Во время нашего декабрьско-январского наступления я входил вместе с нашими войсками в освобожденные города, видел в них и следы мужества, и следы страданий, видел пленных немцев и попавших в наши руки предателей. Это добавило мне что-то необходимое, что-то такое, чего недоставало раньше для того, чтобы начать пьесу.
Все это вместе взятое и было настоящим началом работы над «Русскими людьми». И хотя, когда я писал пьесу, я дважды отрывался от нее для поездок на фронт, но сказать «отрывался», наверное, не совсем точно, потому что и во время этих поездок жизнь подсказывала мне еще что-то нужное для пьесы. Может быть, я ее написал не медленнее, а быстрей именно потому, что отрывался от нее для поездок…»
Перечитывая сейчас эти отправленные весной 43-го года в Америку страницы, я, конечно, замечаю налет некоторого бравирования своим фронтовым опытом.
Однако и на самом деле обстановка окружения, отрезанности, в которой мне насколько раз приходилось бывать, вызвала к жизни именно такой, а не иной сюжет пьесы.

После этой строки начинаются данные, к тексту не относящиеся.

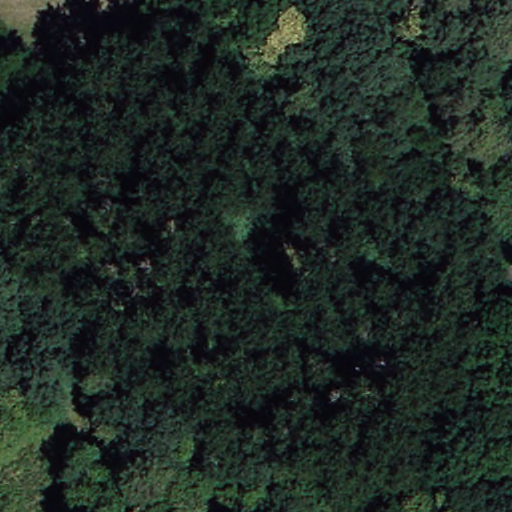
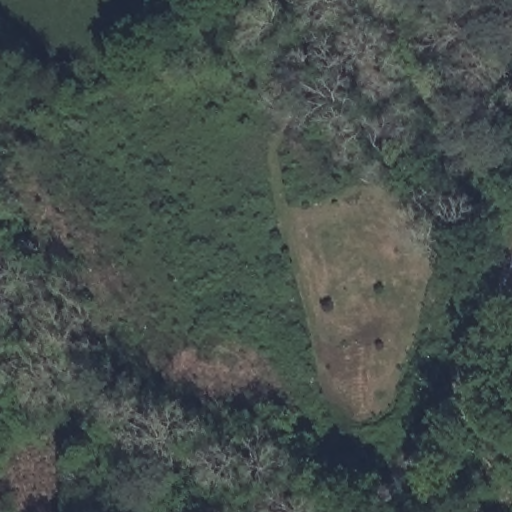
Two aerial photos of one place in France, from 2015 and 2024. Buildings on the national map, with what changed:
[]

Я сидел в Москве и писал военную пьесу. Сначала она называлась «Десять дней», потом «За лиманом» и лишь потом по совету моего фронтового товарища, в те дни корреспондента «Красноармейской правды», Мориса Слободского получила свое окончательное название «Русские люди». К этому периоду работы над пьесой и к прерывавшим ее фронтовым командировкам относится несколько десятков страниц записей, сделанных мною где-то в середине войны, через год-два после описанных в них событий.
…Москва начинала понемногу заполняться. Гостиница «Москва» пустовала уже гораздо меньше, чем в декабре. Я перестал жить в гостинице и в редакции и временно поселился у знакомых. Хотя людей и прибавилось, но в Москве все еще было много пустых квартир.
Комнату в редакции за мной на всякий случай все же оставили, со столом, с креслом, шкафом и койкой на случай ночных бдений, которых у меня, впрочем, не происходило. Ортенберг знал, что я готов по первому слову выехать на фронт, но, пока я находился в Москве, сидеть в редакции меня не заставлял. Согласившись дать мне отпуск, пока я буду писать пьесу «Русские люди», он не забыл оговорить, что в случае каких-нибудь экстраординарных событий сразу же вытребует меня на фронт. «Да, впрочем, ты и сам не усидишь», — сказал он. Это была его вечная, подкупавшая меня присказка.
Московский быт стал чуть-чуть устроенней, чем в декабре, но по-прежнему сохранил свои черты. В квартирах было холодно, и, чтобы — согреться, чаю предпочитали водку. Доставали ее неожиданно и из самых разных источников, в том числе привозили с фронта. Машины военных корреспондентов по-прежнему были частью жилья. Старались держать в них и запас продовольствия, и запас горючего, чтобы можно было в любой момент выехать.
Прерву себя, чтобы сказать, что именно этот тогдашний зимний полумосковский-полуфронтовой быт моих товарищей, военных корреспондентов, как-то сам собой лег в написанные годом позже стихи «Хозяйка дома»:
…Ортенберг по воскресеньям, а иногда и среди недели, рано утром, выпустив номер, уезжал на фронт и спал по дороге в машине. Я, пока писал «Русских людей», несколько раз ездил к нему в редакцию. Иногда мы накоротке перекусывали в примыкавшей к его кабинету каморке, заедая корнишонами я — водку, а Ортенберг — мускат. Корнишонов у него была здоровенная банка, которую сразу не съешь, даже при всей моей любви к ним. Посиделки эти были короткими, Ортенберг был, как всегда, занят. Но посидеть хоть немножко в его каморке, самой теплой в редакции, было очень хорошо. Она была такая маленькая, что рефлектор ее быстро нагревал.